Paris—Jibril Rajoub, the 71-year-old head of the Palestine Olympic Committee, has been fighting the Israeli Occupation for almost 60 years. He told us that he started after Israel imprisoned him at age 14 for attempting to help Egyptian military members flee Israeli capture. As a teenager in prison, Rajoub was recruited to the Palestinian political and military resistance organization Fatah, also known as Palestinian National Liberation Movement. Rajoub, in total, has spent almost two decades in Israeli prisons. In 1985, Israel freed him as part of a hostage exchange, but Israel arrested him soon after and placed him in solitary confinement, where he almost died during a 30-day hunger strike.

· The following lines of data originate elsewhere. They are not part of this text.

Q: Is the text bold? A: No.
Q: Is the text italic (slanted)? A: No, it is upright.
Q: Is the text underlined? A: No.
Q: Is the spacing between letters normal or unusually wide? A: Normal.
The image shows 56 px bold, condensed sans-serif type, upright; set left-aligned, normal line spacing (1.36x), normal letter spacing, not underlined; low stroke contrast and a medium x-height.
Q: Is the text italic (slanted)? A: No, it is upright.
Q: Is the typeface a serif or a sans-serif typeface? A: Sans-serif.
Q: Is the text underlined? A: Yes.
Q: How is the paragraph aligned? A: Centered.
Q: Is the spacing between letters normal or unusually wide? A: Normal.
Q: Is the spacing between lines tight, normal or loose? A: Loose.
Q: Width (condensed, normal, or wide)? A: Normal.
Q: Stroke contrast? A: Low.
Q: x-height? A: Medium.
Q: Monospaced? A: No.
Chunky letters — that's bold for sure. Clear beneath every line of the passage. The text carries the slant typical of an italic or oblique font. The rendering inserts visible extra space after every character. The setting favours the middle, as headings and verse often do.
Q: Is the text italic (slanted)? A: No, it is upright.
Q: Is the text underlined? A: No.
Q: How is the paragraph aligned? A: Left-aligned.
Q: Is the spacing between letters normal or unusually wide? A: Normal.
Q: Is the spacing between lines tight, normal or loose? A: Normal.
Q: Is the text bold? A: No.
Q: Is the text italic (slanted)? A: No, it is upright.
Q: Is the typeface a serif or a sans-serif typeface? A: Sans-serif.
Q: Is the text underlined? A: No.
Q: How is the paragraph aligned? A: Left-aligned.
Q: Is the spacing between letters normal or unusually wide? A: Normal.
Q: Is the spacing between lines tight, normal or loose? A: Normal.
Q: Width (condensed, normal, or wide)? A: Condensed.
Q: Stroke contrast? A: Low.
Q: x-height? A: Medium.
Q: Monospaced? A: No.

Rajoub’s long career in both Palestinian politics and athletics has earned him many enemies. Fifty-four years ago, as part of the PNLM, he threw a grenade at a bus and was sentenced to life in an Israeli prison (emerging only after the aforementioned prisoner exchange). He is often referred to in the Israeli press as “convicted terrorist Jibril Rajoub.”

He continues to resist the Israeli state, but for the last almost two decades, he has done so through sports. His political and military opponents accuse him of using sports to promote “violence and hatred”—a charge he vociferously denies. By supporting athletes who refuse to play Israeli competitors on political grounds and calling for sporting bans of Israel, he has also faced charges and investigations into his conduct by international sports federations. Yet, while he walks now with weariness, he is still standing.

“Sport today is a global language,” he told us. “I have spent 17 years in Israeli jails, which was worse than the Bastille. But in spite of that, I don’t want to cause suffering to anyone, no matter who he is and where he is coming from. I do believe that using sport, using athletes as an asset in our resistance and in our struggle, is very effective. And even here in France, the way that we were received, and all over the world, is encouraging me and motivating me to continue this path. A peaceful, nonviolent tool: sport.”

Rajoub said these words wearing a rumpled suit, sitting slightly slouched in a bar booth at Paris’s Hyatt Regency at 10 pm. The hotel was an Olympic hub, with officials and the press scurrying around. Amid the hyper, happy chatter around us, he is deliberate in his speech, slow in his cadence: tired but resolute.

Rajoub wants sports to show the world the resilience of Palestine and how Israeli occupation has warped even something as commonplace as organized athletics. He has long campaigned to bar Israel from the Olympics and World Cup—or, as he put it, to give them “a red card”—because of their violations of the Olympic Charter and FIFA resolutions against apartheid in sports. He said, “It’s not a political issue for me. It’s a moral issue. It’s a legal issue. It’s an ethical issue.”